For the next seven hours I battled back and forth with the hospital staff about my condition. I insisted that it was going to go away on it’s own, they insisted that it wouldn’t. From there the argument transitioned into my endless requests to fix the AFib and their insistence that they needed to “run some tests first.”

Around 3 AM I finally got some medicine for the stomach pain and drifted off into sorta-sleep. Then I felt the snap. At 4 AM on the nose I was jolted awake by a new feeling. I was exhausted, still a bit queasy, but… better. I looked up at my heart monitor and I could no longer feel the palpitations.
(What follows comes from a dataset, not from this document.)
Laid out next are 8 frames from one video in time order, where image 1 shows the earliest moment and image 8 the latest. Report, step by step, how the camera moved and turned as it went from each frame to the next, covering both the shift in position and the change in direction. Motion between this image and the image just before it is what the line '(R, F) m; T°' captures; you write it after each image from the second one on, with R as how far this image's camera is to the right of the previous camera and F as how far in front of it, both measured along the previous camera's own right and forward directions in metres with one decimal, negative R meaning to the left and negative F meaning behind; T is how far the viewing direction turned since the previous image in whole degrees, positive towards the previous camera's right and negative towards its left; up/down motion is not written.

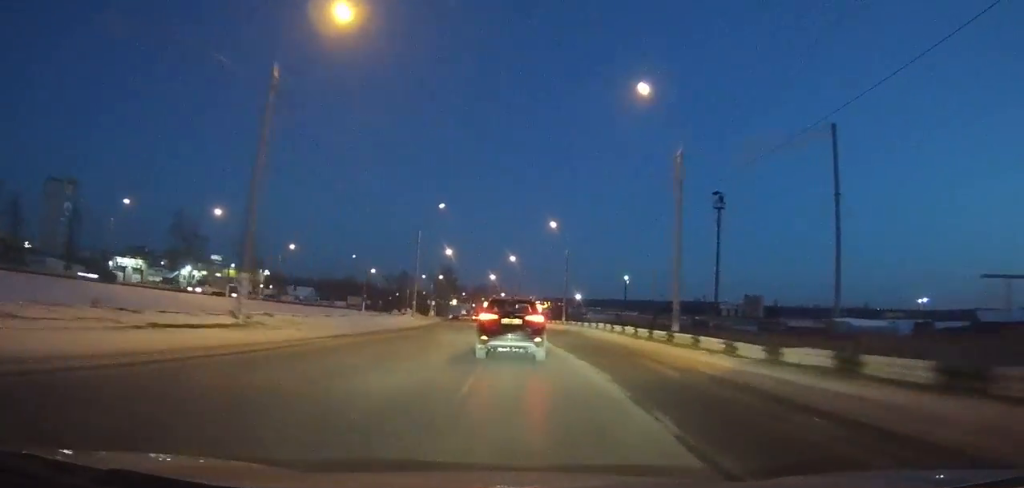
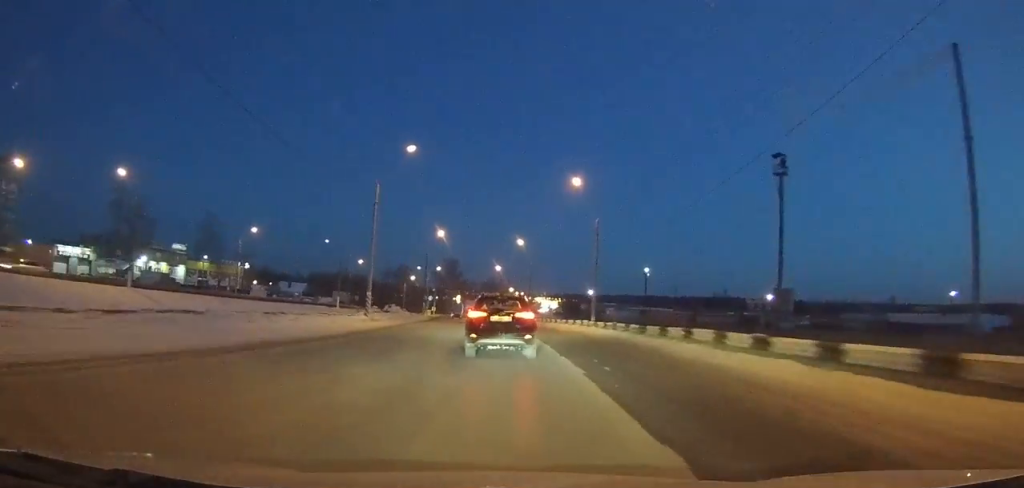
(-0.5, +20.4) m; -2°
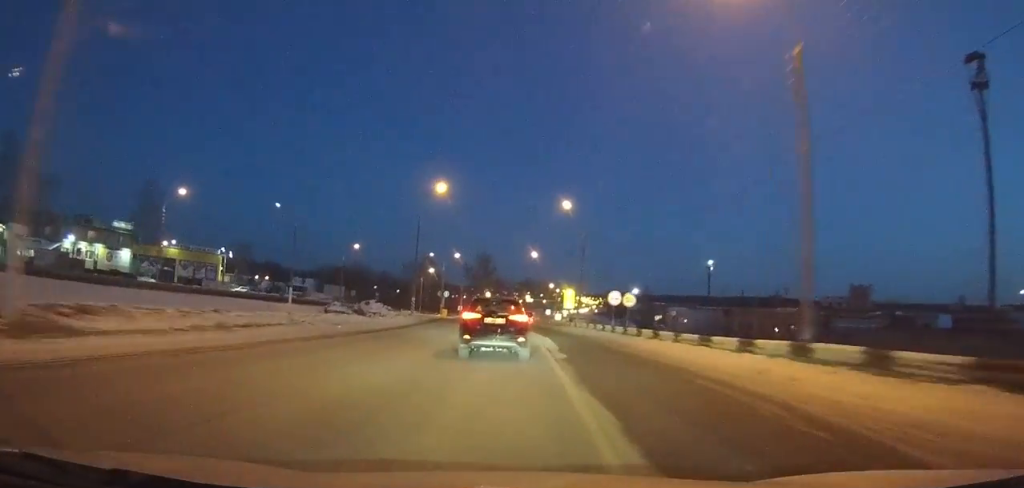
(-0.4, +30.7) m; -3°
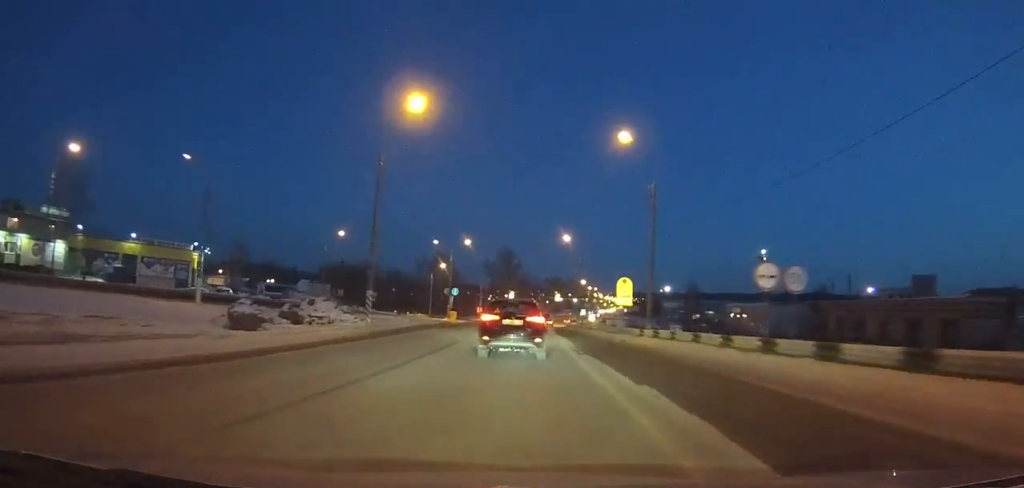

As I squinted through the medication haze I squeezed the call button. A few seconds later the nurse walked in.

“That’s normal, isn’t it?” I asked as she walked up to my bed. “I guess you can’t do your tests now.”

They never figured it out

I was stuck in that bed for another 24 hours before I was released. And only then because I threatened to sue them for malpractice if they didn’t let me out. It felt like prison. But I can understand why they didn’t want to let me out. No one likes not knowing.

There was no medical reason for my being there. None of the numerous tests (there was a CT and many other in addition to the prostate exam) showed anything abnormal. Other than the fact that I felt like I was dying, I was normal.

As much as I despised the staff who “treated” me (still do actually) over those 36 hours, I understand their frustration. It’s one shared by every safety professional out there.

We’re not the gods we wish we were

We can’t control everything because we don’t understand everything. That’s a sobering reality. And it’s especially hard to cope with when something bad happens. But it doesn’t mean we stop trying. It just means we have to accept that all risk cannot be removed. The best we can work toward is creating a system that reduces those risk’s impact on people rather than believing the false dogma that we somehow have the power to eliminate all accidents. Anyone who believes that is possible is lying to themselves or (even worse) to everyone else.

As I was thinking about that event yesterday, it occurred to me that it changed my whole perspective. Prior to that day life seemed like a foregone conclusion. Now I don’t see a future. Don’t get me wrong, I’m not making a veiled cry for help with that statement. I just realize that there’s no grantee I’ll grow old and get to see my kids experience life. No one else get’s that certainty either. With that realization, it becomes all the more important to manage the risks we deal with on a daily basis. When you do, though, just remember you’re human. You’re not going to manage (or even see) them all.